Material supplied =
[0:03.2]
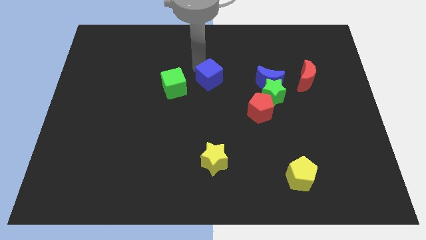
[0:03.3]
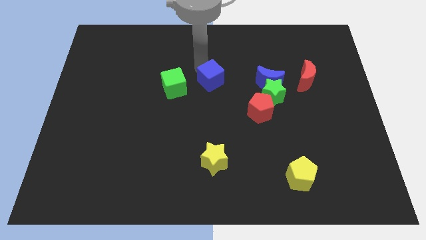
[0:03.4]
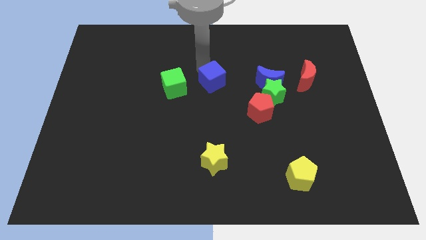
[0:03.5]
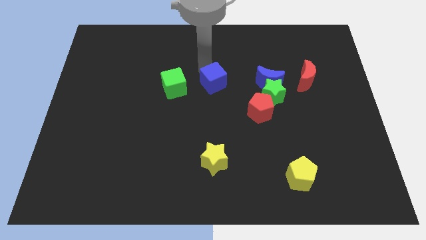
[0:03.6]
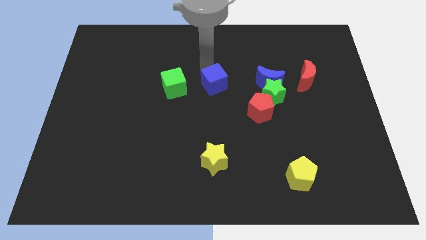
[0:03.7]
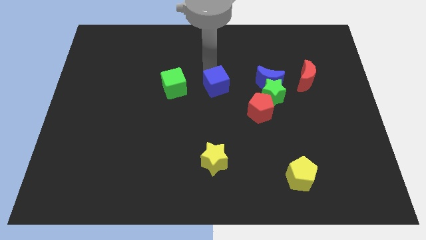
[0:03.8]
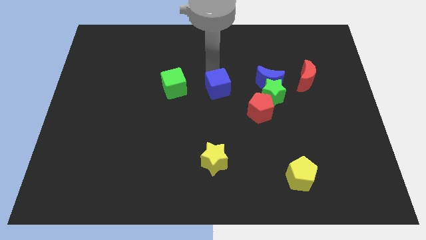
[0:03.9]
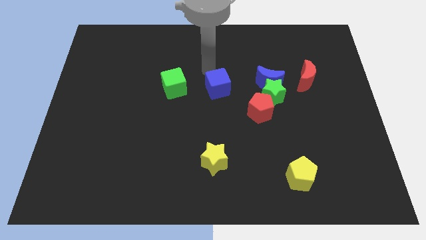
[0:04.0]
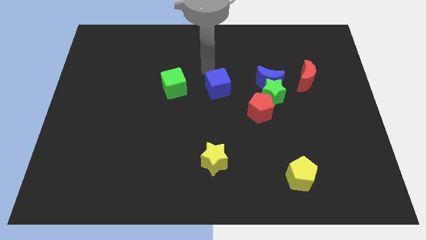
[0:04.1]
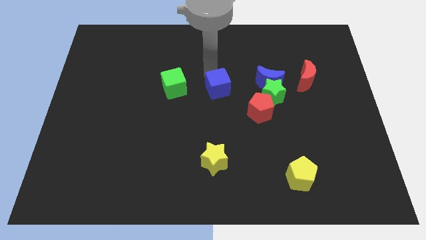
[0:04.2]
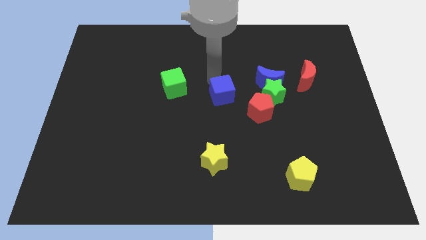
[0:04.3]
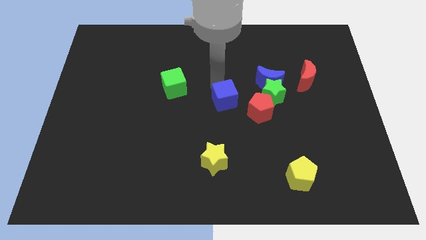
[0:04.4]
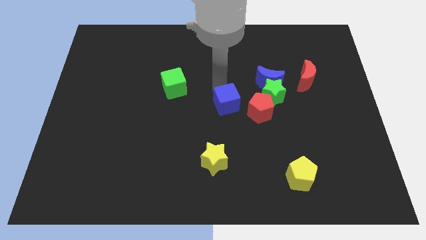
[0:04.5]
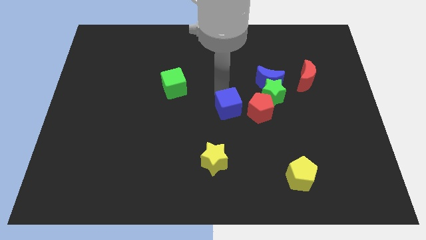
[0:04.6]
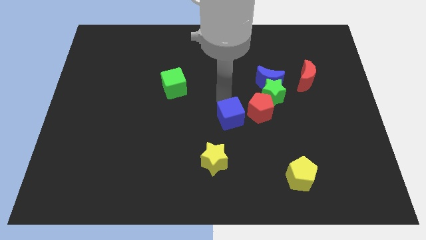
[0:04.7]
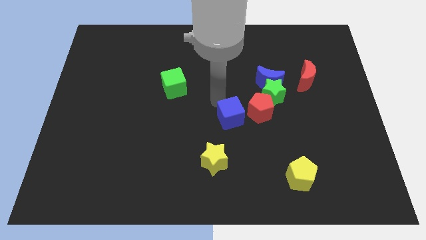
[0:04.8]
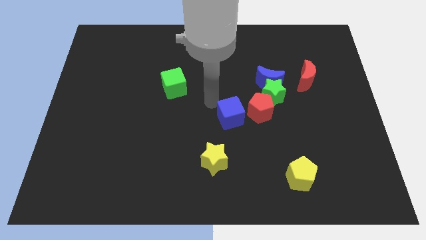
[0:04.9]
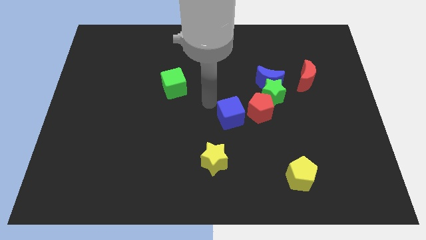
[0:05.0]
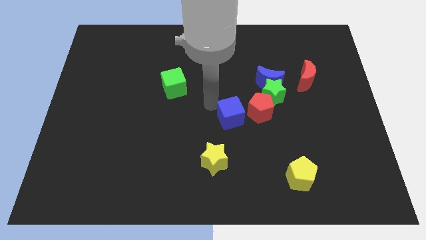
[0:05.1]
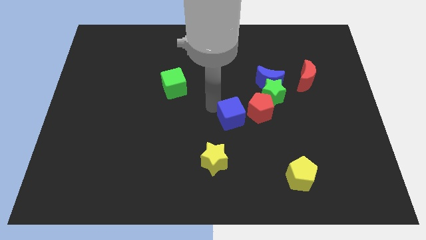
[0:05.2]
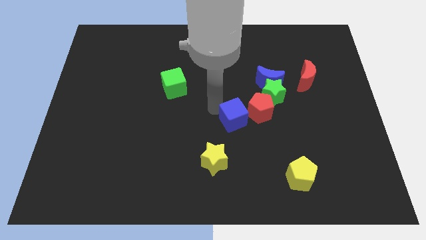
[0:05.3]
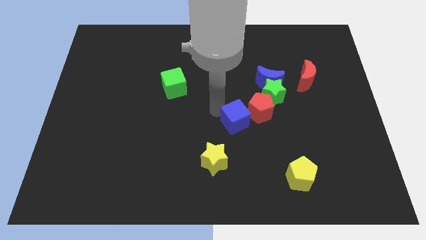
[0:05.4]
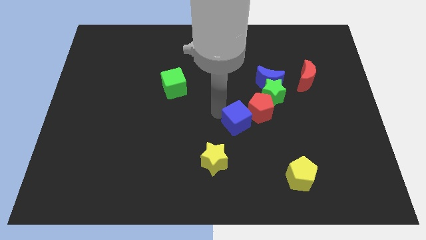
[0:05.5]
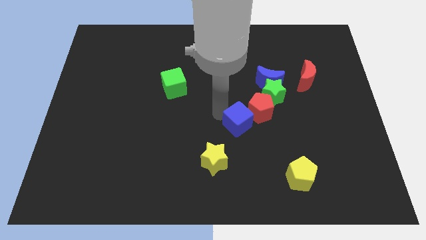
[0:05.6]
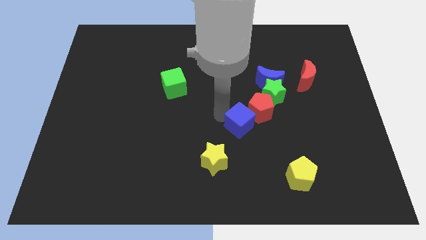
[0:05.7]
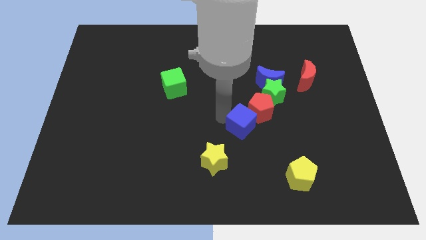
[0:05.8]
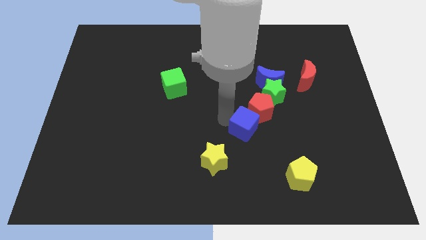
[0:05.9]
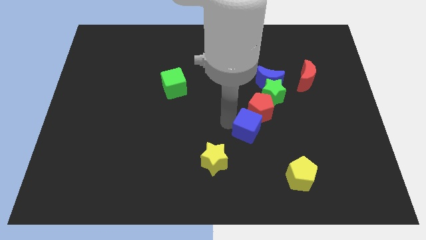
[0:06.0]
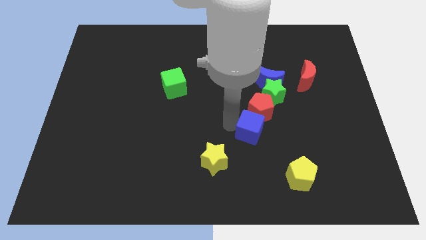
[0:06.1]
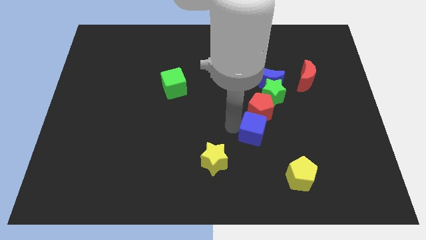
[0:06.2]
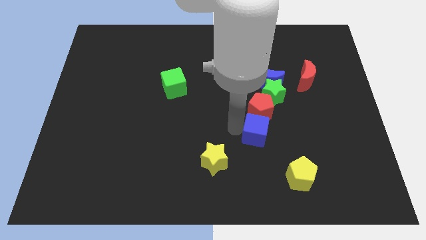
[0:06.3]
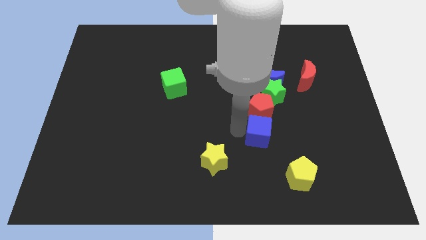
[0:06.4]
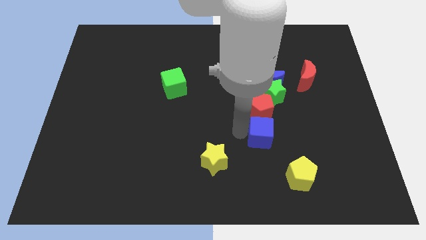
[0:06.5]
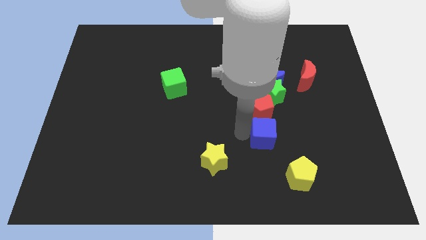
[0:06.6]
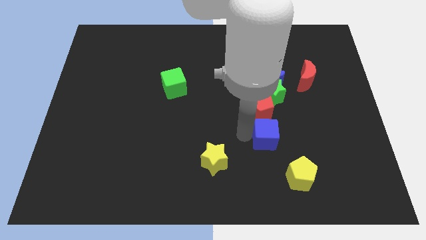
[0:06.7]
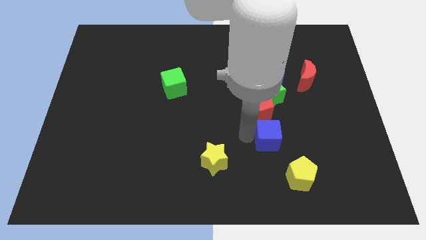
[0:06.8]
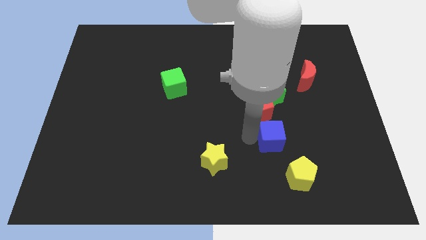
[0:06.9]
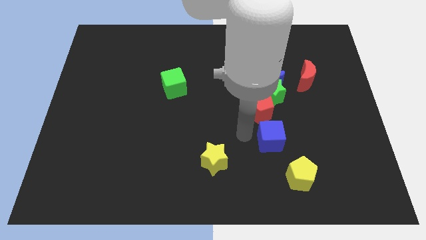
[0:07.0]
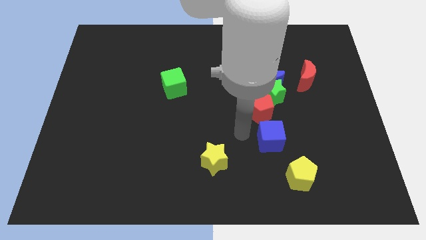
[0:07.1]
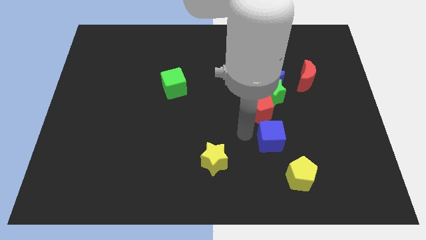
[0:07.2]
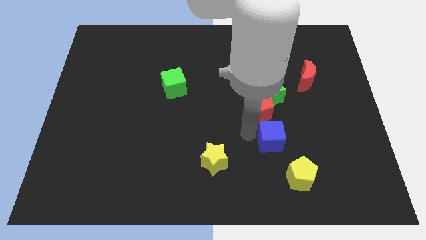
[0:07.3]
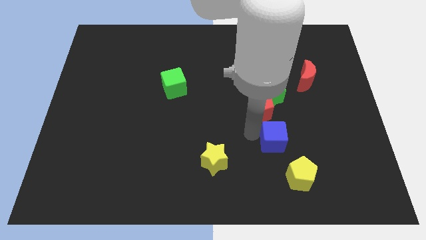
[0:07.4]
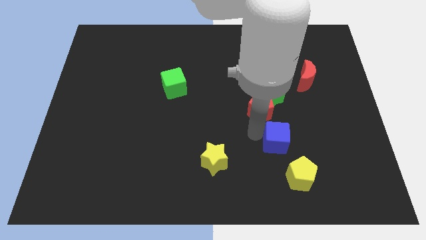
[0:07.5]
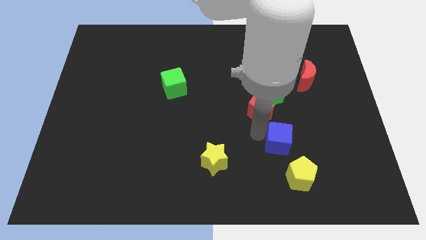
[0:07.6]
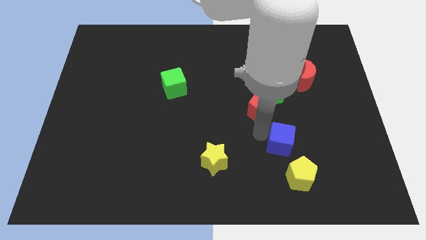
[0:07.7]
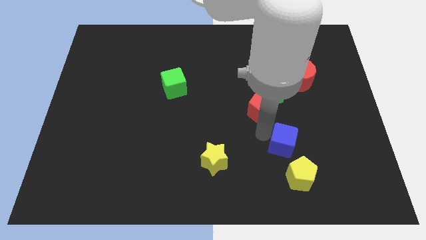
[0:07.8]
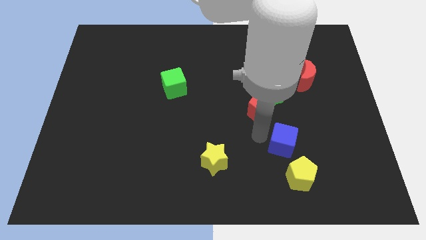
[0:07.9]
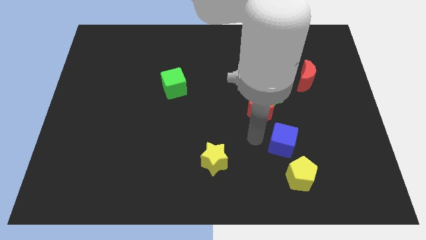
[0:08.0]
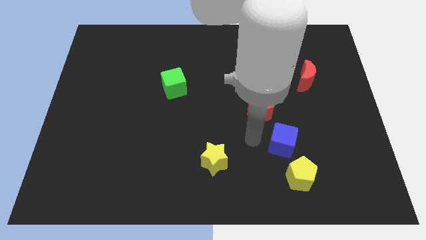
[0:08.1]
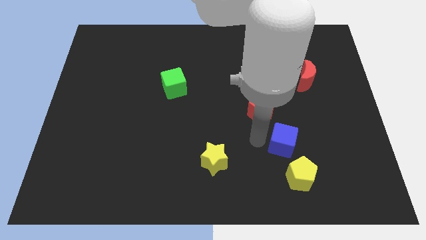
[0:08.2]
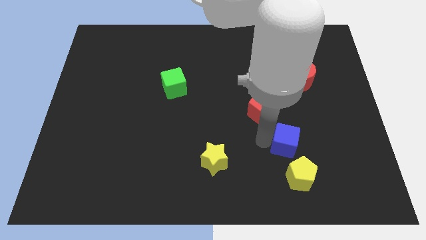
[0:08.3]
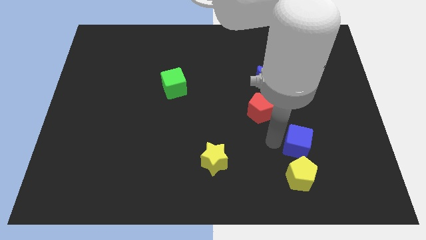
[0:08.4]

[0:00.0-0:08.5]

Assignment =
Leaving the pictures out, give back each line above exactly.

Answer space =
[0:03.2]
[0:03.3]
[0:03.4]
[0:03.5]
[0:03.6]
[0:03.7]
[0:03.8]
[0:03.9]
[0:04.0]
[0:04.1]
[0:04.2]
[0:04.3]
[0:04.4]
[0:04.5]
[0:04.6]
[0:04.7]
[0:04.8]
[0:04.9]
[0:05.0]
[0:05.1]
[0:05.2]
[0:05.3]
[0:05.4]
[0:05.5]
[0:05.6]
[0:05.7]
[0:05.8]
[0:05.9]
[0:06.0]
[0:06.1]
[0:06.2]
[0:06.3]
[0:06.4]
[0:06.5]
[0:06.6]
[0:06.7]
[0:06.8]
[0:06.9]
[0:07.0]
[0:07.1]
[0:07.2]
[0:07.3]
[0:07.4]
[0:07.5]
[0:07.6]
[0:07.7]
[0:07.8]
[0:07.9]
[0:08.0]
[0:08.1]
[0:08.2]
[0:08.3]
[0:08.4]

[0:00.0-0:08.5]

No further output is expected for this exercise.